── Exercise data
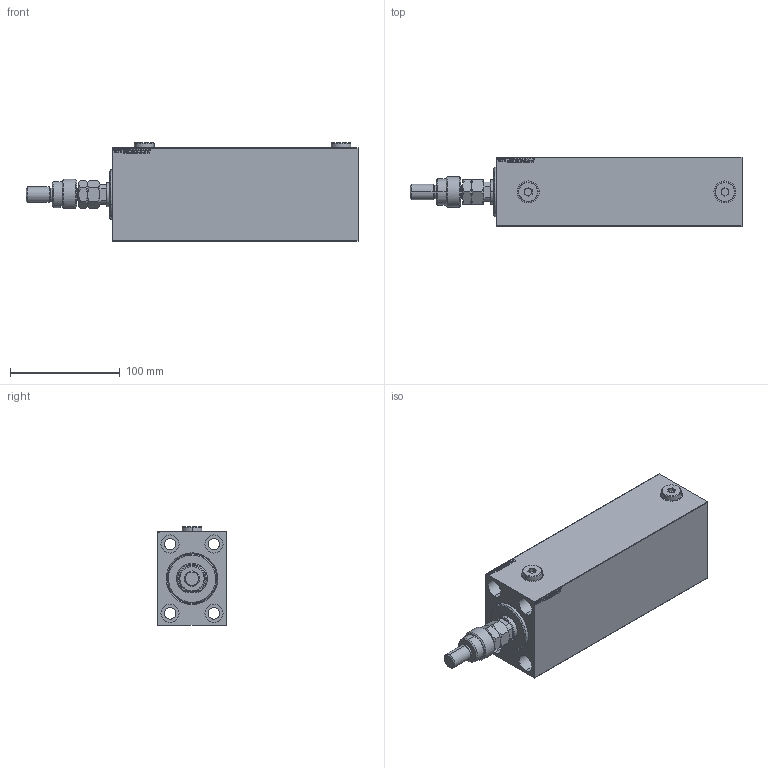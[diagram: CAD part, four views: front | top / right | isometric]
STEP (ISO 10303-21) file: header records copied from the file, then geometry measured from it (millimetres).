
FILE_DESCRIPTION (( 'STEP AP203' ), '1' );
FILE_NAME ('e12c.STEP', '2024-02-13T01:30:16', ( '' ), ( '' ), 'SwSTEP 2.0', 'SolidWorks 2019', '' );
FILE_SCHEMA (( 'CONFIG_CONTROL_DESIGN' ));
Length unit declared in the file: millimetre
Products named in the file (8): DFA f64f38f7b44912d882e2a1e6c94cfaf4; FEMALE_PART_FOR_DFA f64f38f7b44912d882e2a1e6c94cfaf4; MFA f64f38f7b44912d882e2a1e6c94cfaf4; e12c; V450CM_C_Body f64f38f7b44912d882e2a1e6c94cfaf4; Zatka_OIL_PORT f64f38f7b44912d882e2a1e6c94cfaf4; V450CM_VC_B f64f38f7b44912d882e2a1e6c94cfaf4; V450CM_C_VCP f64f38f7b44912d882e2a1e6c94cfaf4
Assembly tree (8 placements, depth 3):
  e12c
    V450CM_C_Body f64f38f7b44912d882e2a1e6c94cfaf4
    V450CM_C_VCP f64f38f7b44912d882e2a1e6c94cfaf4
    V450CM_VC_B f64f38f7b44912d882e2a1e6c94cfaf4
    DFA f64f38f7b44912d882e2a1e6c94cfaf4
      FEMALE_PART_FOR_DFA f64f38f7b44912d882e2a1e6c94cfaf4
      MFA f64f38f7b44912d882e2a1e6c94cfaf4
    Zatka_OIL_PORT f64f38f7b44912d882e2a1e6c94cfaf4  x2
Bounding box: 302 x 63 x 89.9 mm (x, y, z)
Volume: 986813.6 mm3; surface area: 172009.2 mm2
Topology: 7 solids, 7 shells, 1001 faces, 2510 edges, 1641 vertices
Faces by surface type: plane 470, bspline 380, cylinder 89, cone 58, torus 4
Entity records: 48042 total; most frequent: CARTESIAN_POINT 26141, ORIENTED_EDGE 4936, DIRECTION 3094, EDGE_CURVE 2468, VERTEX_POINT 1617, VECTOR 1410, LINE 1410, EDGE_LOOP 1119
────
### Your goal
Look for the word "records" in the listing above and state how many lines have it; give the number and nothing else.

### Problem solution
2